Note
This page was generated from totalVI.ipynb. Interactive online version: . Some tutorial content may look better in light mode.
CITE-seq analysis with totalVI#
With totalVI, we can produce a joint latent representation of cells, denoised data for both protein and RNA, integrate datasets, and compute differential expression of RNA and protein. Here we demonstrate this functionality with an integrated analysis of PBMC10k and PBMC5k, datasets of peripheral blood mononuclear cells publicly available from 10X Genomics subset to the 14 shared proteins between them. The same pipeline would generally be used to analyze a single CITE-seq dataset.
If you use totalVI, please consider citing:
Gayoso, A., Steier, Z., Lopez, R., Regier, J., Nazor, K. L., Streets, A., & Yosef, N. (2021). Joint probabilistic modeling of single-cell multi-omic data with totalVI. Nature Methods, 18(3), 272-282.
[1]:
!pip install --quiet scvi-colab
from scvi_colab import install
install()
Imports and data loading#
[2]:
import pandas as pd
import numpy as np
import matplotlib.pyplot as plt
import scvi
import scanpy as sc
sc.set_figure_params(figsize=(4, 4))
%config InlineBackend.print_figure_kwargs={'facecolor' : "w"}
%config InlineBackend.figure_format='retina'
Global seed set to 0
OMP: Info #276: omp_set_nested routine deprecated, please use omp_set_max_active_levels instead.

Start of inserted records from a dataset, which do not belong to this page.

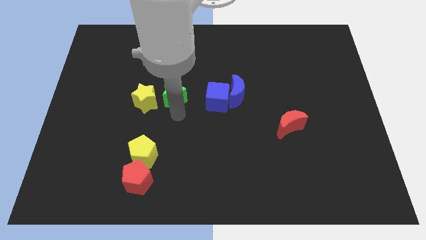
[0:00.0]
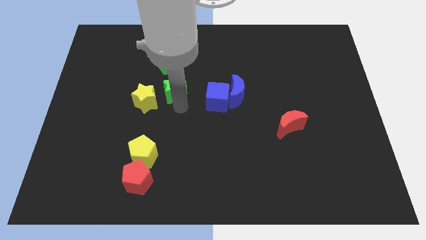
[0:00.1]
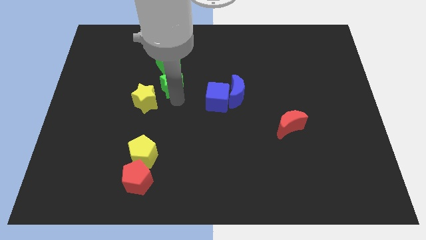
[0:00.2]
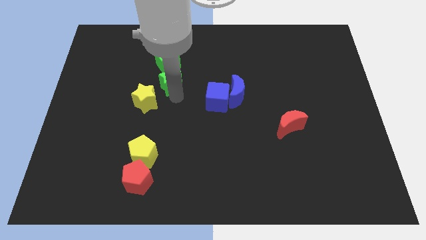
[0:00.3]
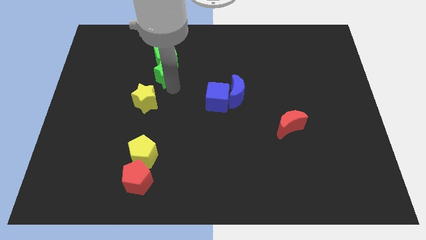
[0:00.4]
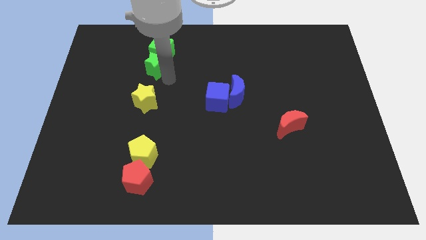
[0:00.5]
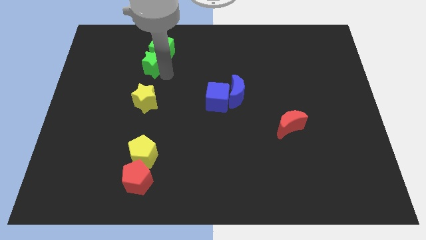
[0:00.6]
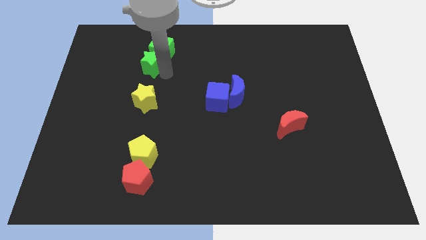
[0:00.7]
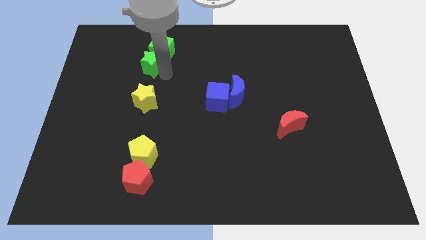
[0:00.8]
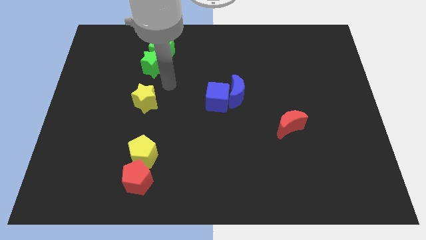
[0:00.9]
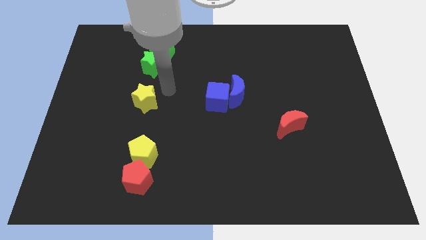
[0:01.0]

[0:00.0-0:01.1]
move the green star below the green cube

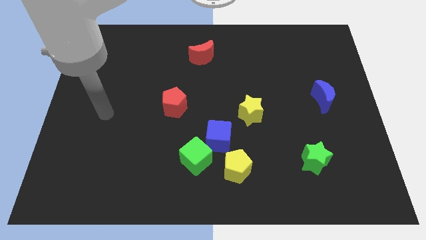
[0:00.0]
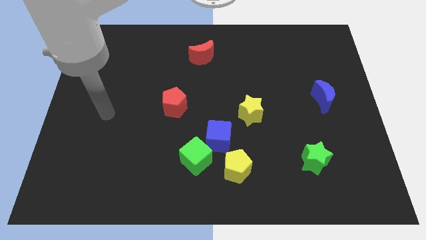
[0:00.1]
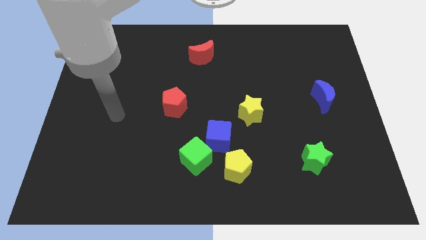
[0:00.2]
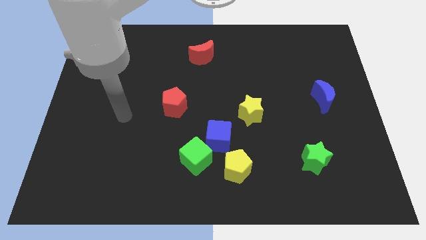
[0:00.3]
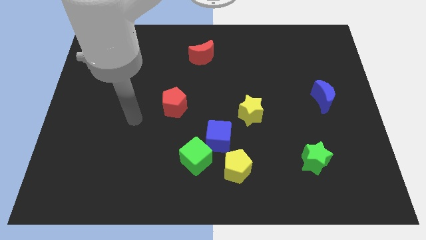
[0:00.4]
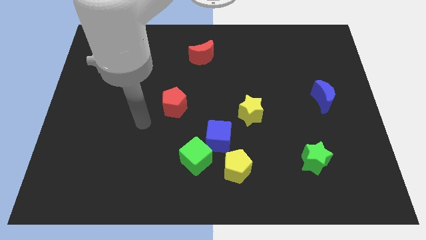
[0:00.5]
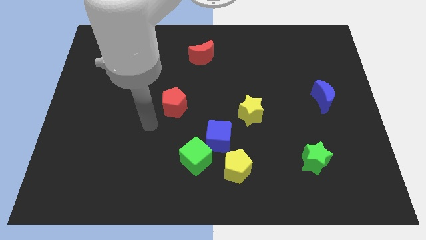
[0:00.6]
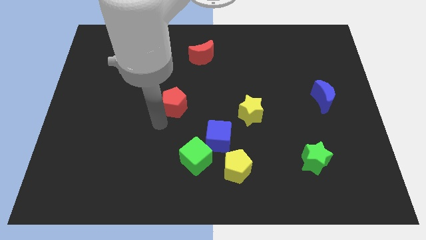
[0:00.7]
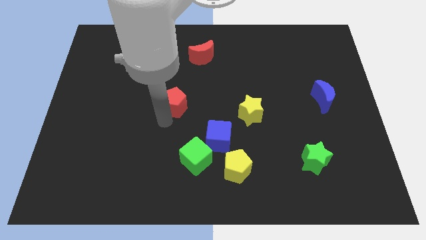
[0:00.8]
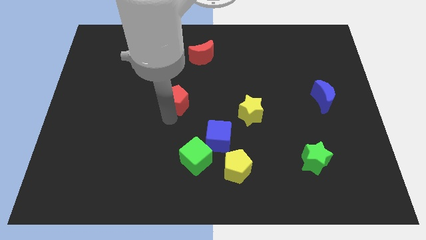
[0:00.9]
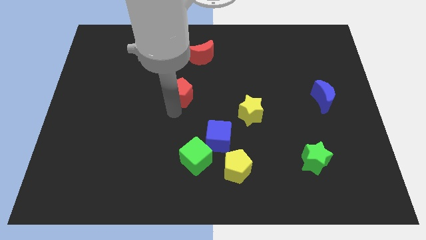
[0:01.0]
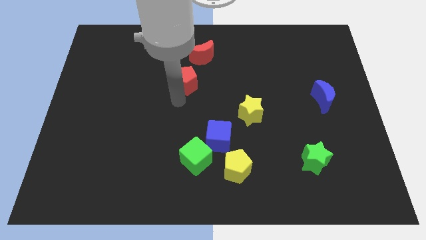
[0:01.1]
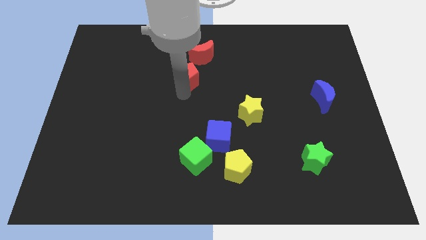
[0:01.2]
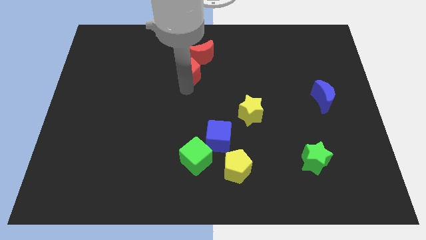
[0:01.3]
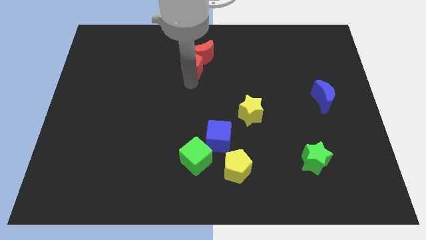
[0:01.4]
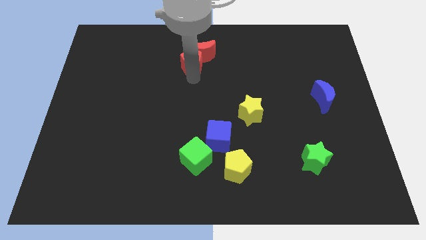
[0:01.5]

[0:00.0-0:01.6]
push the red pentagon into the red moon

This dataset was filtered as described in the totalVI manuscript (low quality cells, doublets, lowly expressed genes, etc.)
[3]:
adata = scvi.data.pbmcs_10x_cite_seq()
adata.layers["counts"] = adata.X.copy()
sc.pp.normalize_total(adata, target_sum=1e4)
sc.pp.log1p(adata)
adata.raw = adata
INFO File data/pbmc_10k_protein_v3.h5ad already downloaded
INFO File data/pbmc_5k_protein_v3.h5ad already downloaded
Observation names are not unique. To make them unique, call `.obs_names_make_unique`.
[4]:
sc.pp.highly_variable_genes(
adata,
n_top_genes=4000,
flavor="seurat_v3",
batch_key="batch",
subset=True,
layer="counts"
)
Observation names are not unique. To make them unique, call `.obs_names_make_unique`.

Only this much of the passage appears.